Example of GitHub CI/CD configuration file:

name: Autobase

on:
  push:
    branches:
      - main
  pull_request:
    branches:
      - main
  workflow_dispatch: # Allows to run manually

env:
  ANSIBLE_FORCE_COLOR: 'true'

jobs:
  test-connect:
    name: test-connect
    runs-on: ubuntu-latest
    container:
      image: autobase/automation:2.4.1
    steps:
      - name: Checkout Repository
        uses: actions/checkout@v4

      - name: Setup SSH Key and vault pass
        working-directory: /autobase/automation/playbooks
        run: |
          echo "${{ secrets.ANSIBLE_SSH_PRIVATE_KEY }}" | base64 -d > ./ansible_ssh_key
          chmod 600 ./ansible_ssh_key
          echo "${{ secrets.ANSIBLE_VAULT_PASS }}" > ./vault_pass
          chmod 600 ./vault_pass

      - name: Test Connectivity
        working-directory: /autobase/automation/playbooks
        run: |
          ansible all \
            --private-key ./ansible_ssh_key \
            --vault-password-file ./vault_pass \
            --inventory $GITHUB_WORKSPACE/inventory \
            --extra-vars "@$GITHUB_WORKSPACE/secrets.yml" \
            -m ping

  run-playbook:
    name: run-playbook
    needs: test-connect
    runs-on: ubuntu-latest
    container:
      image: autobase/automation:2.4.1
    steps:
      - name: Checkout Repository
        uses: actions/checkout@v4

      - name: Setup SSH Key and vault pass
        working-directory: /autobase/automation/playbooks
        run: |
          echo "${{ secrets.ANSIBLE_SSH_PRIVATE_KEY }}" | base64 -d > ./ansible_ssh_key
          chmod 600 ./ansible_ssh_key
          echo "${{ secrets.ANSIBLE_VAULT_PASS }}" > ./vault_pass
          chmod 600 ./vault_pass

      - name: Run Playbook
        working-directory: /autobase/automation/playbooks
        run: |
          ansible-playbook config_pgcluster.yml \
            --private-key ./ansible_ssh_key \
            --vault-password-file ./vault_pass \
            --inventory $GITHUB_WORKSPACE/inventory \
            --extra-vars "@$GITHUB_WORKSPACE/secrets.yml" \
            --extra-vars "mask_password=true"

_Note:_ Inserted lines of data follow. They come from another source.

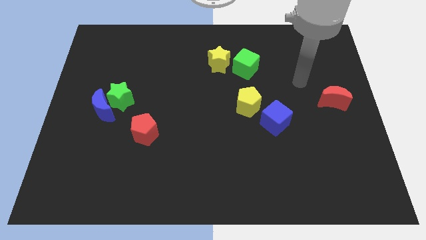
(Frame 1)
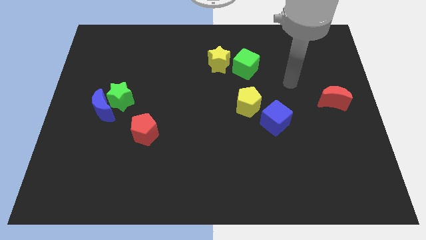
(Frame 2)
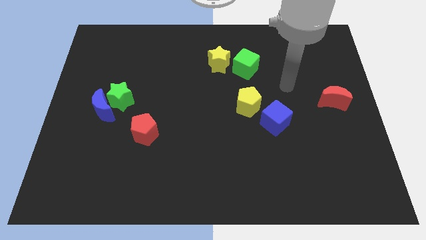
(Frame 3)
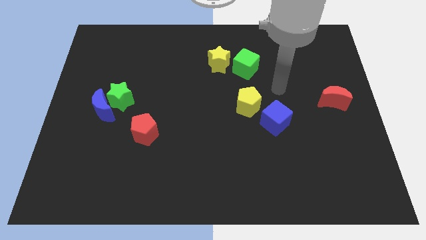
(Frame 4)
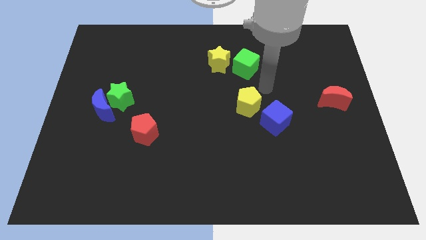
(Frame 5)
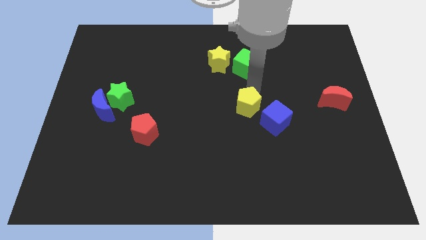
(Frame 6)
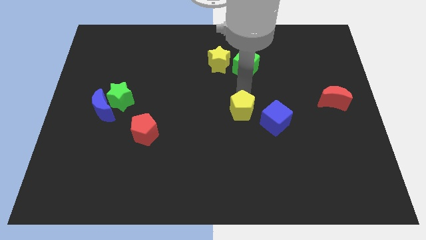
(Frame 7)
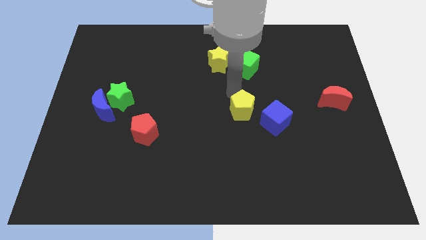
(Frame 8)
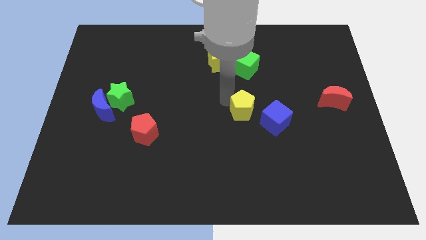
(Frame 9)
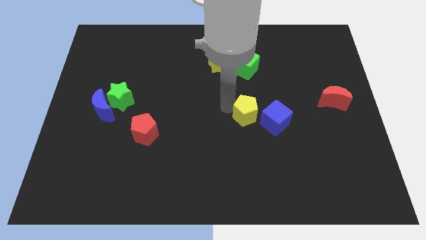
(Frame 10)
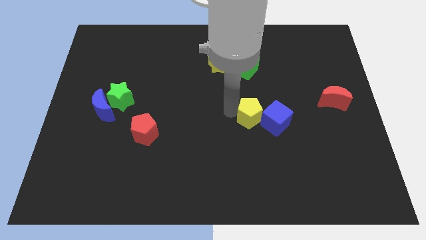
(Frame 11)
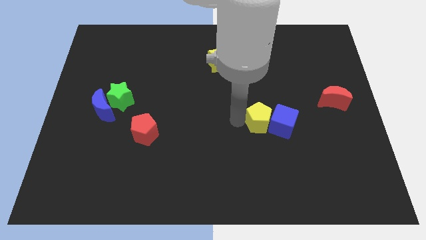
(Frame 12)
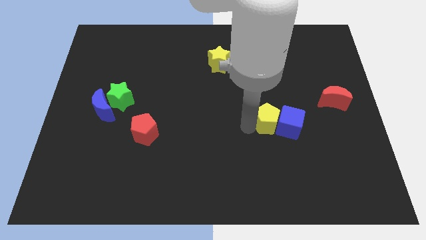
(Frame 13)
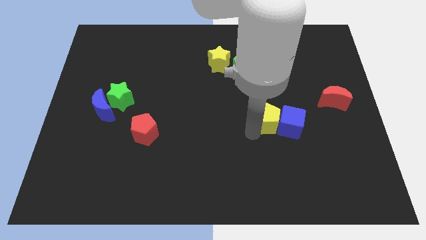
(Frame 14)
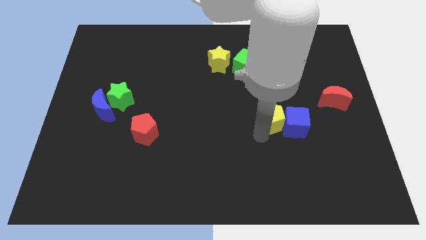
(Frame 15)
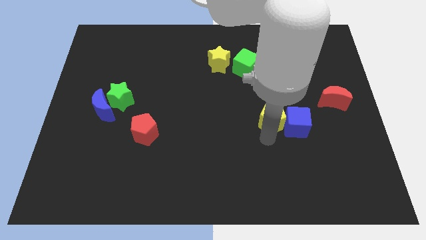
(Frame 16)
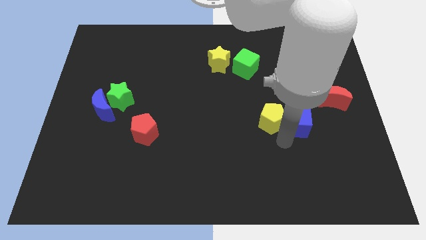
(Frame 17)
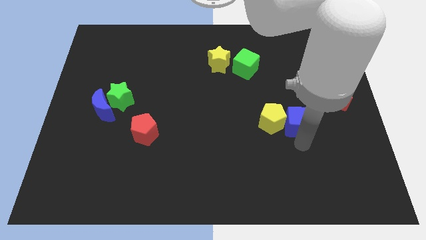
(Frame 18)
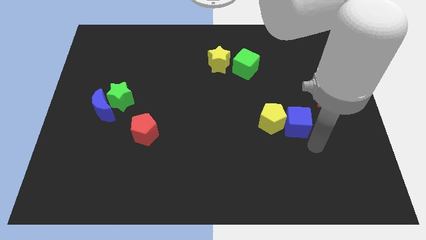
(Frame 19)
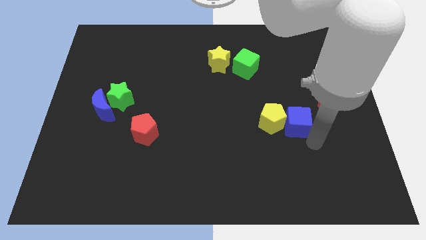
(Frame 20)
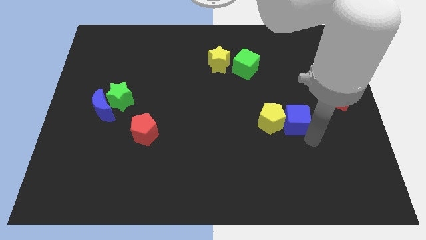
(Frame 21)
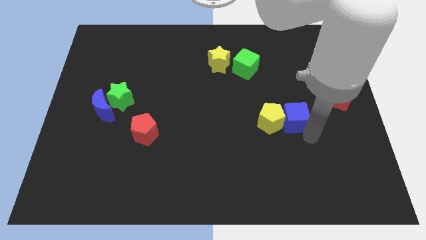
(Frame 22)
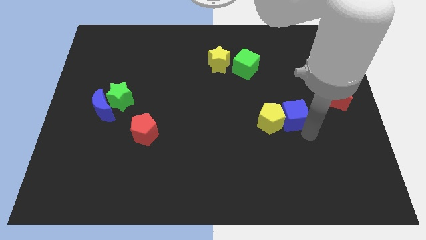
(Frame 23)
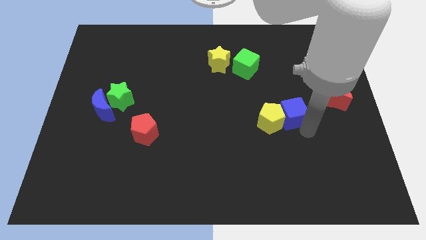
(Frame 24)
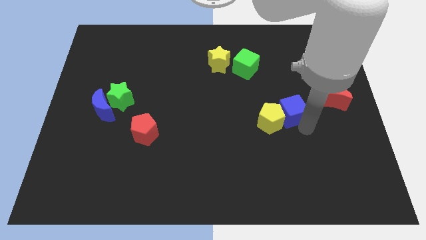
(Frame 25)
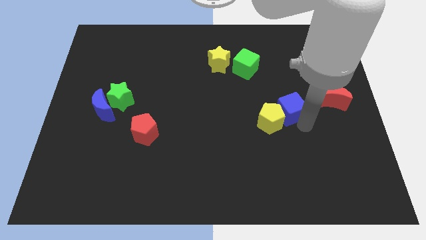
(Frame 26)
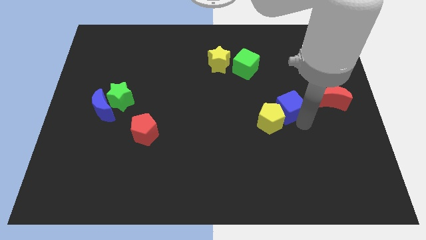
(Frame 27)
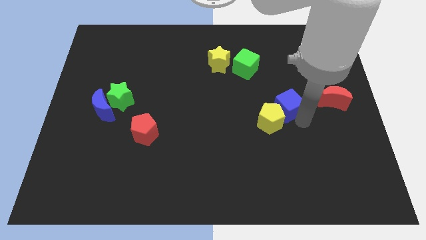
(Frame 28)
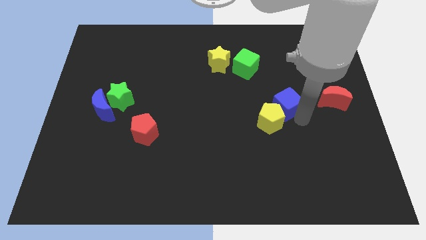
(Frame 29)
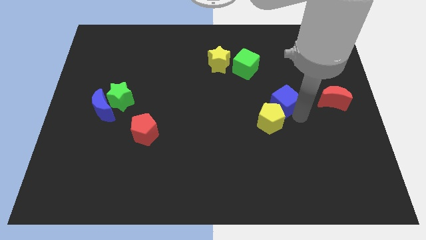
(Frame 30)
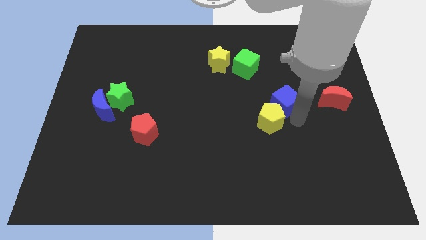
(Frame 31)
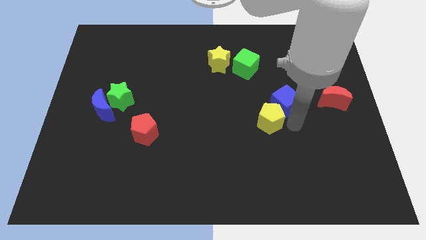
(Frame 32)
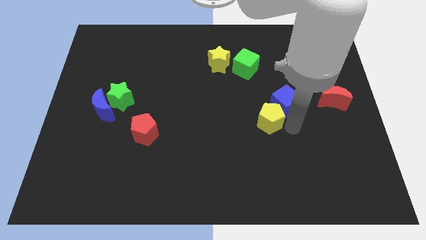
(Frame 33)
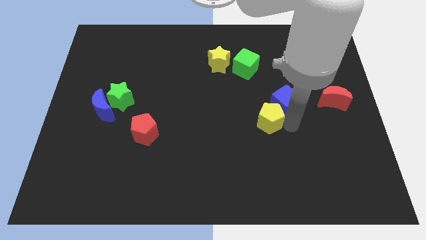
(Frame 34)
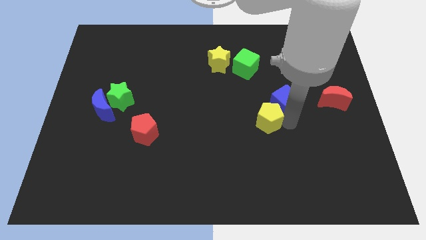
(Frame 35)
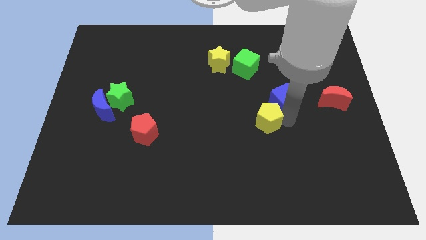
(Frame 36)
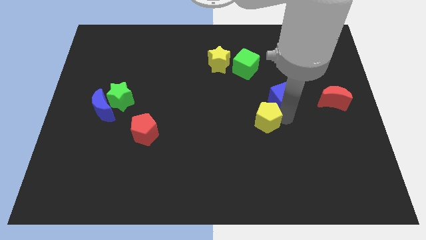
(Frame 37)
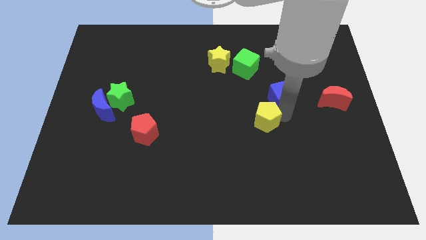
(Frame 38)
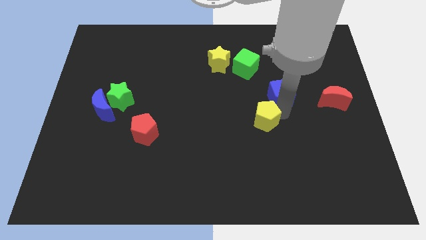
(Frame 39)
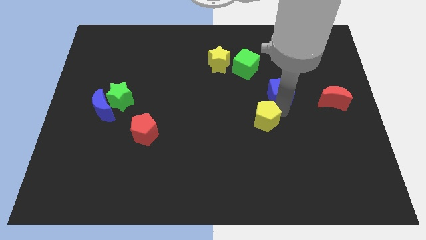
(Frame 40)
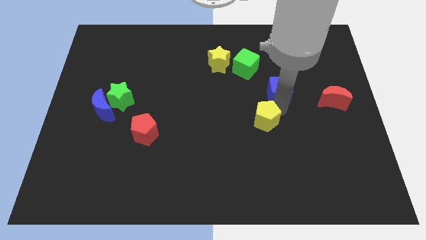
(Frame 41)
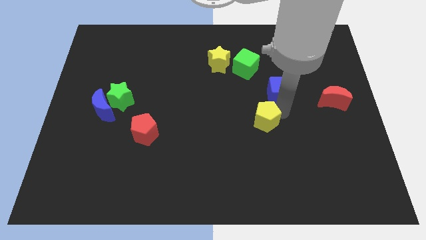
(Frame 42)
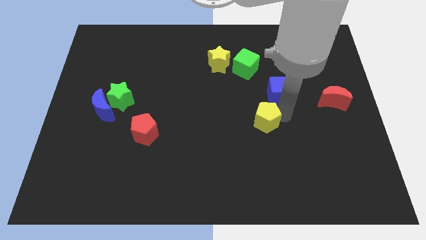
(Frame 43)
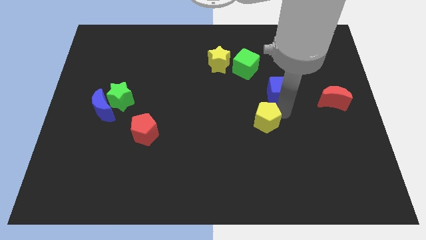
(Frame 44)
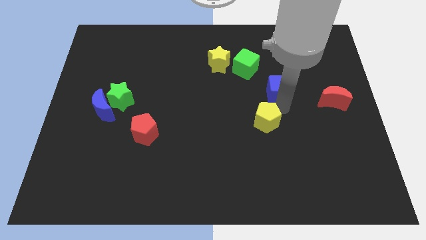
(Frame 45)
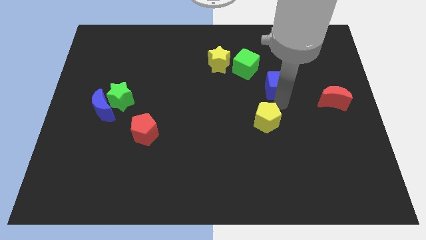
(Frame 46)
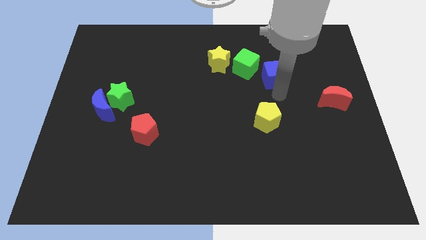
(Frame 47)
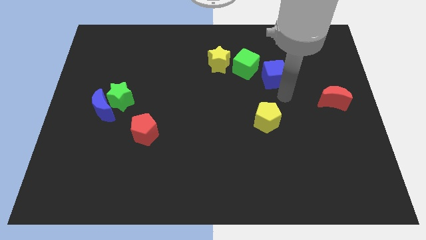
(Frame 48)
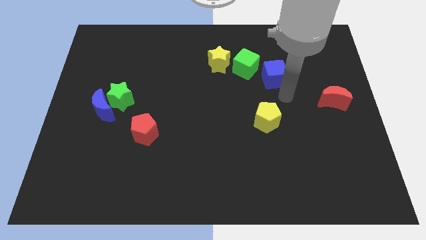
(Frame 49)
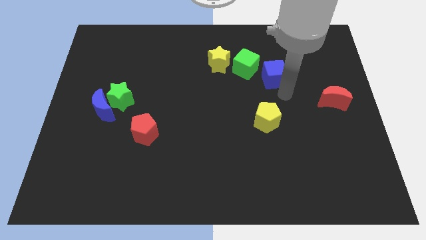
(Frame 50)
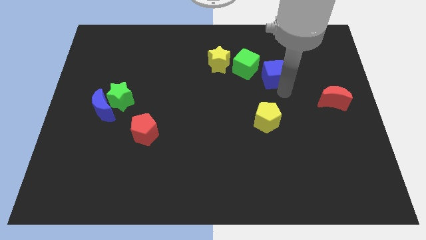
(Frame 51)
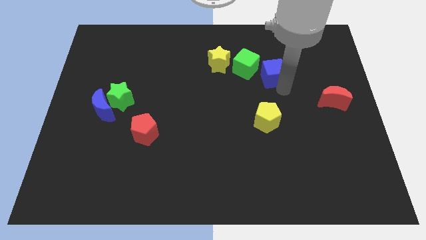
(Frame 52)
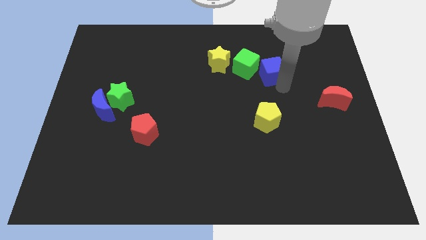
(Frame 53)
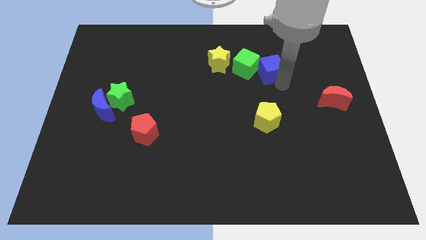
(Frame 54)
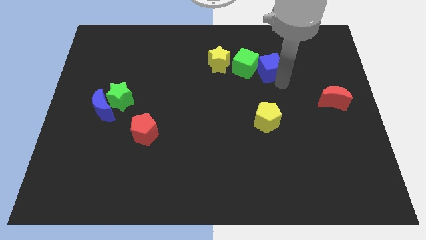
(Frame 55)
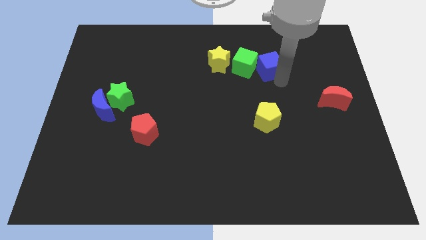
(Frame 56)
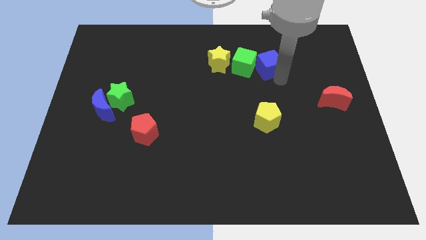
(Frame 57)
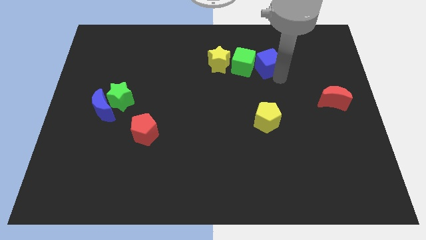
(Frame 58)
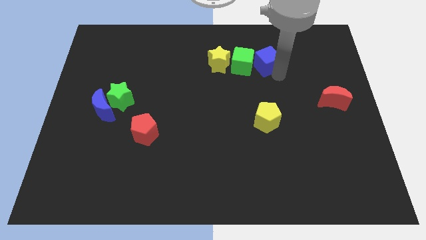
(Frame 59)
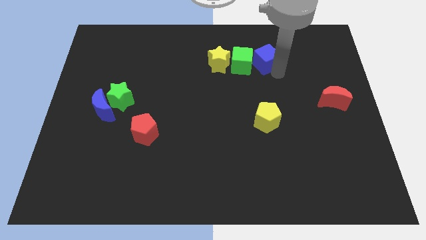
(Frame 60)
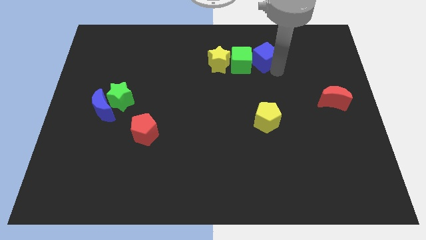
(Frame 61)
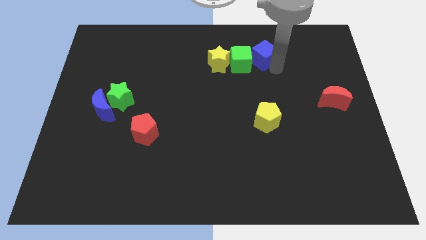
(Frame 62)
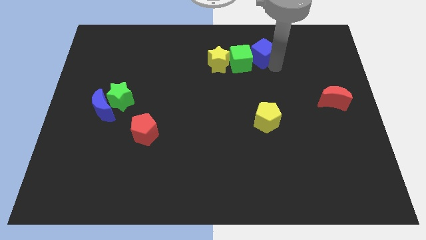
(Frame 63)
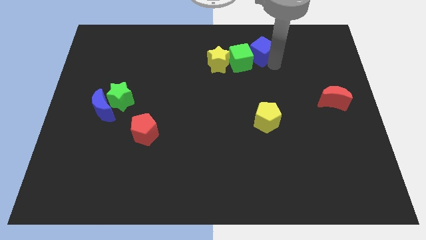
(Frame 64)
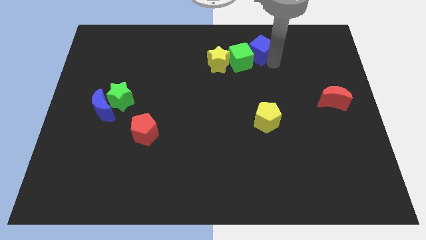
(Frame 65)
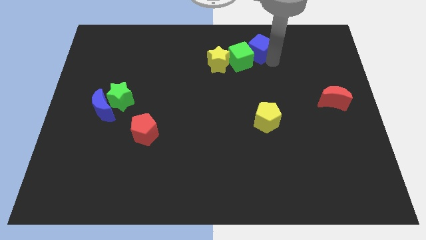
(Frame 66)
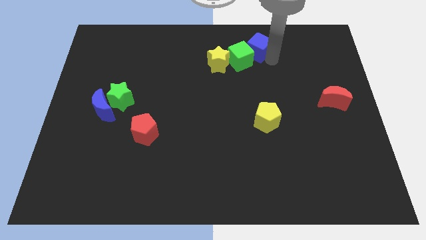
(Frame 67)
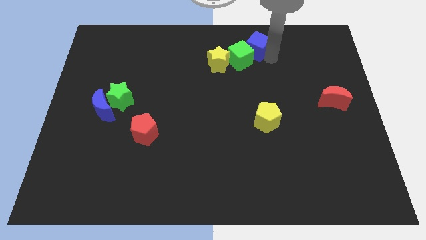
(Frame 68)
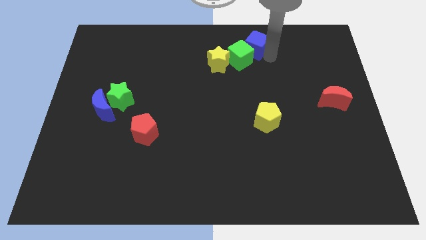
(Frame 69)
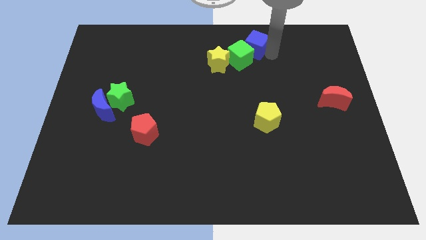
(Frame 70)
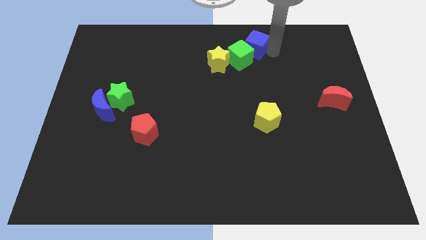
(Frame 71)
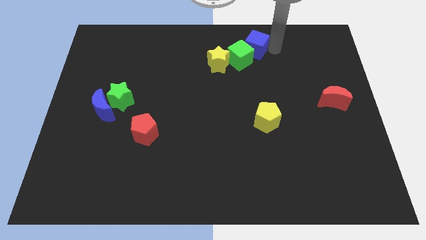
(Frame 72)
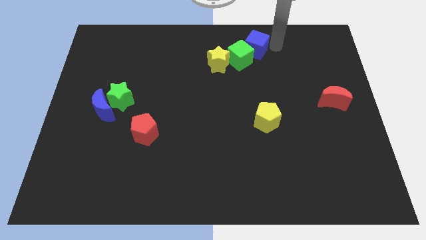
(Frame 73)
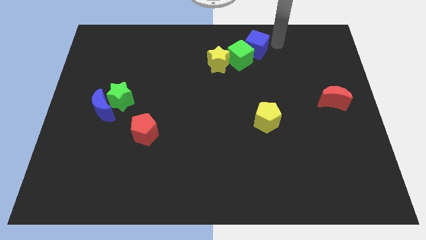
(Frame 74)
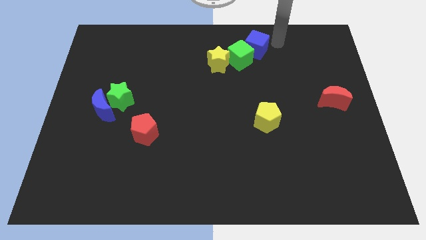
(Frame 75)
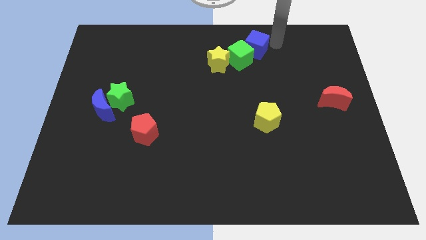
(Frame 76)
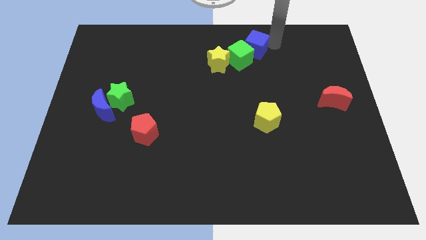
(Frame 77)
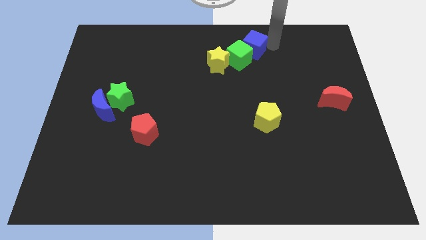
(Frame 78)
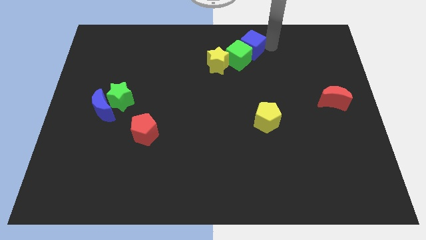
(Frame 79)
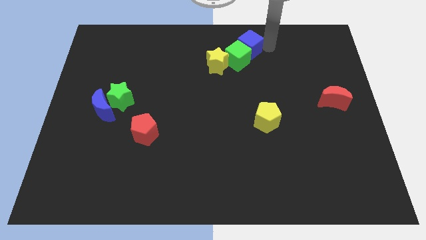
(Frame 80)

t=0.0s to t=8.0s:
put the blue cube to the top

This CI example assumes the following repository structure:

.github/workflows/autobase.yml
/group_vars/all.yml
/secrets.yml
/inventory
/README.md

info

• group_vars/all.yml: Configuration variables — refer to the default values. Override them as needed using group_vars, host_vars, or directly in the inventory file.
• secrets.yml: (optional) It contains secret data such as passwords encrypted using Ansible Vault.
• inventory: Contains a list of servers to manage. See the inventory example.

The CI pipeline:

1. test-connect: Tests connectivity to all hosts using ansible ping.
2. run-playbook: Runs the config_pgcluster.yml playbook, loading variables from the vars folder.

To ensure the correct operation of the CI/CD pipeline, you need to add the following GitHub secrets to the epository settings:

1. ANSIBLE_SSH_PRIVATE_KEY

   • This is the private SSH key used for authentication on target servers.
     • The corresponding public key must be added to the target servers in ~/.ssh/authorized_keys.
     • The private key should be base64-encoded.

2. ANSIBLE_VAULT_PASS

   • This is the password used to decrypt secret variables encrypted with Ansible Vault.

These secrets will be automatically used in GitHub Actions to test server connectivity and execute Ansible playbook.